También, por este camino, hubiese llegado a Medellín, un territorio donde confluyen eslabonamientos productivos de todo tipo. Una región en la que conviven ideas tan valiosas y claves para el desarrollo, como la de convertirse en un distrito de ciencia, innovación y tecnología; pero también donde existen desde hace décadas peligrosas mafias y organizaciones criminales que hacen uso negativo del encadenamiento, vinculando en sus actividades ilegales a pequeños negocios que son extorsionados, a jóvenes atrapados en el mundo delincuencial y de prostitución, y a grandes y poderosos negocios de armas ilegales y drogas. En breve, a una Medellín muy distinta a la que le tocó conocer y admirar cuando visitó hace siete décadas a la empresa Coltejer, la planta más grande de algodón que tenía el país, y era ejemplo de desarrollo.

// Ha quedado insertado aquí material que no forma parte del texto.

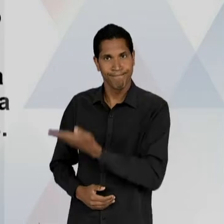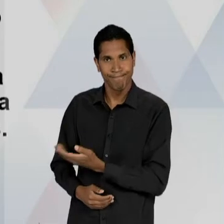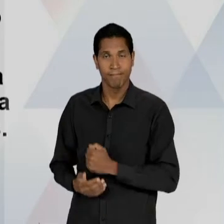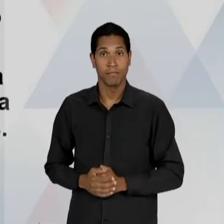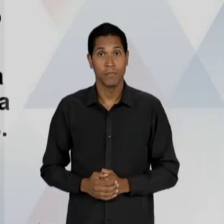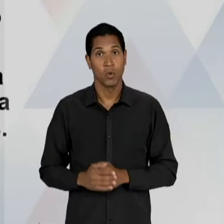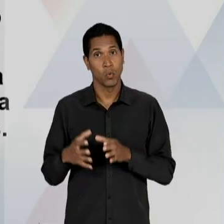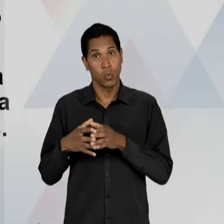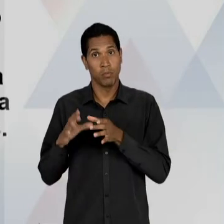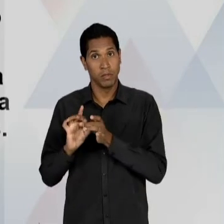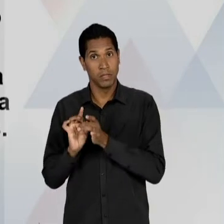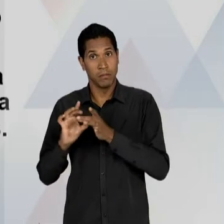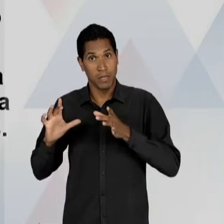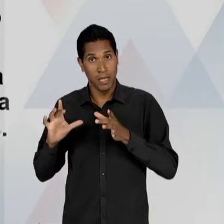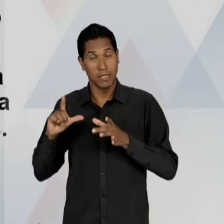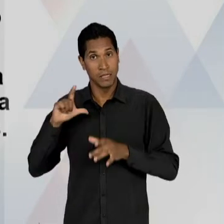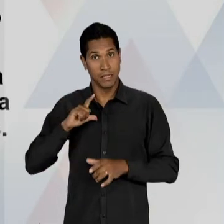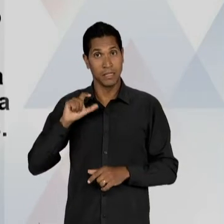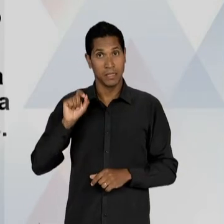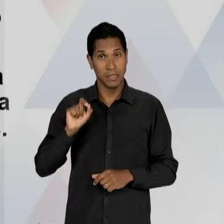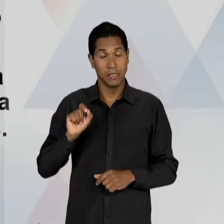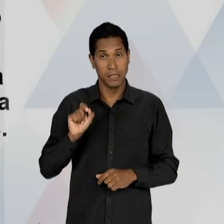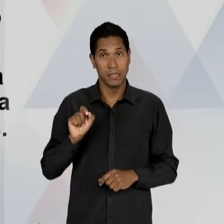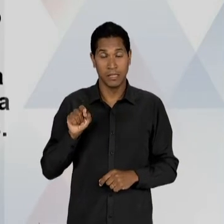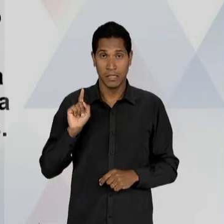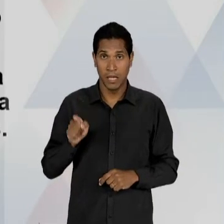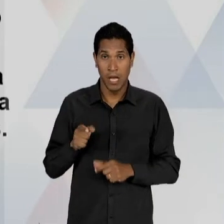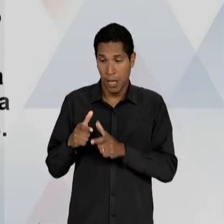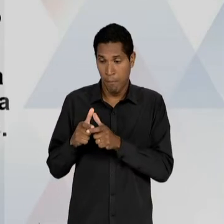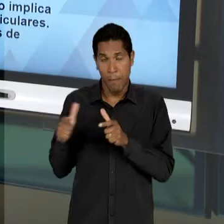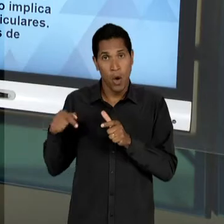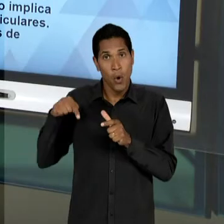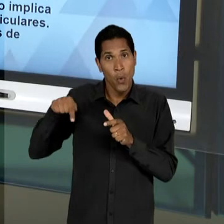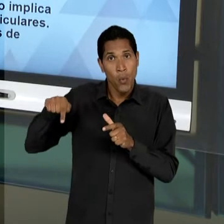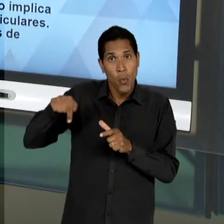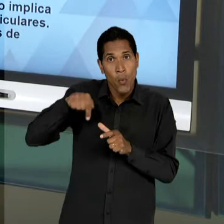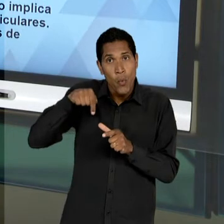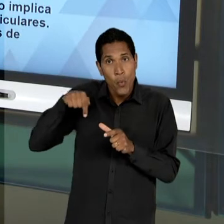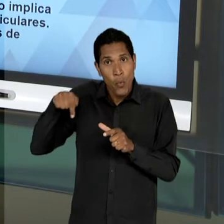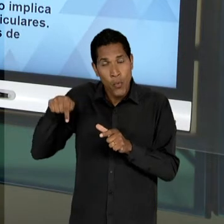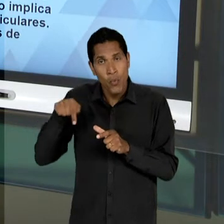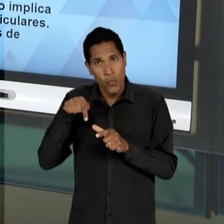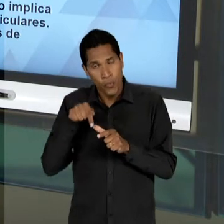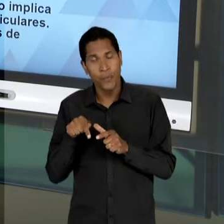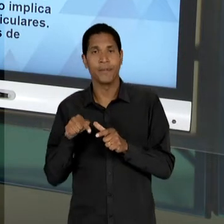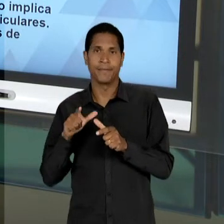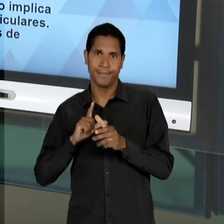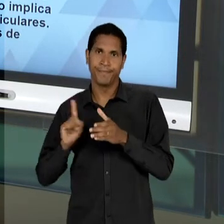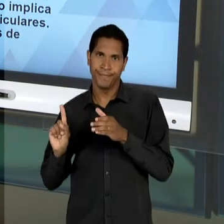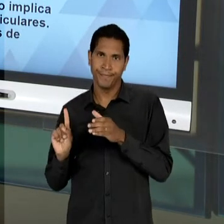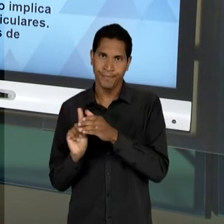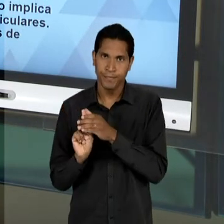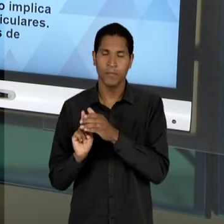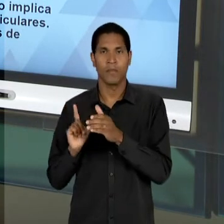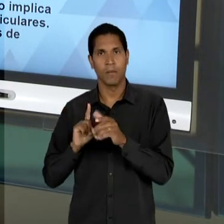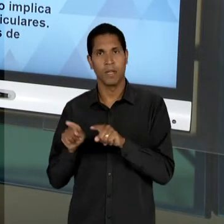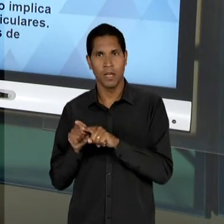IDEALISTAS, BOA PARTE DELES QUE AINDA ERAM PERTENCENTES AO MOVIMENTO DE 32, DOS EDUCADORES

Para finalmente, arribar a Bogotá, llevando en la maleta de su Chevy una cosecha de apuntes. Su llegada a la capital habría estado cargada de mucha expectativa, en especial por la admiración que se le tiene en el país y porque arribaría nuevamente en un tiempo en el que se está discutiendo el Plan Nacional de Desarrollo “Colombia Potencia Mundial de la Vida”; el cual propone, entre otros asuntos, un nuevo ordenamiento del territorio, la defensa del derecho humano a la alimentación, una transformación productiva para la vida y la acción climática, y una convergencia regional para reducir las desigualdades territoriales. Propuestas que lo sorprenderían, no por la novedad, sino porque concuerdan en casi todo lo que 70 años dijo él mismo.

En síntesis, si Albert O. Hirschman visitara a Colombia por esta época, el camino recorrido habría sido otro. Uno muy distinto al que anduvo en los años cincuenta, ahora vería cómo la violencia la ejecutan las grandes organizaciones criminales dedicadas al tráfico de personas, con una minería criminal a gran escala y que explotan todas las rentas ilegales. Pero además, un país que, a pesar del largo tiempo transcurrido, no ha sido capaz de implementar las sugerencias que él mismo hizo hace tanto tiempo y que las élites se niegan a realizar por miedo a compartir la riqueza, y se empeñan en no apuntarle a las decisiones estratégicas.

Eso sí, estaríamos en presencia de un noble pero vital economista del desarrollo, quien luego de un largo viaje —desde el Urabá Antioqueño hasta Bogotá— estaría cargado —como lo hace el personaje del poema Ítaca de Kavafis— “lleno de aventuras, lleno de experiencias”. Un brillante escritor dispuesto a actualizar y publicar por enésima vez su más querida obra La estrategia del desarrollo económico, publicada en 1958 como resultado de su primera visita al país y revisada en 2023. Un ser humano agradecido que, desde la primera página de su libro, reconocería los valiosos aportes que le da su amada Colombia, e insistiría sobre la necesidad de persistir en el trabajo colectivo para romper el círculo del subdesarrollo y avanzar en la reducción de la pobreza en el mundo.

 

*Las opiniones expresadas en esta publicación son de exclusiva responsabilidad de la persona que ha sido autora y no necesariamente representan la posición de la Fundación Paz & Reconciliación al respecto.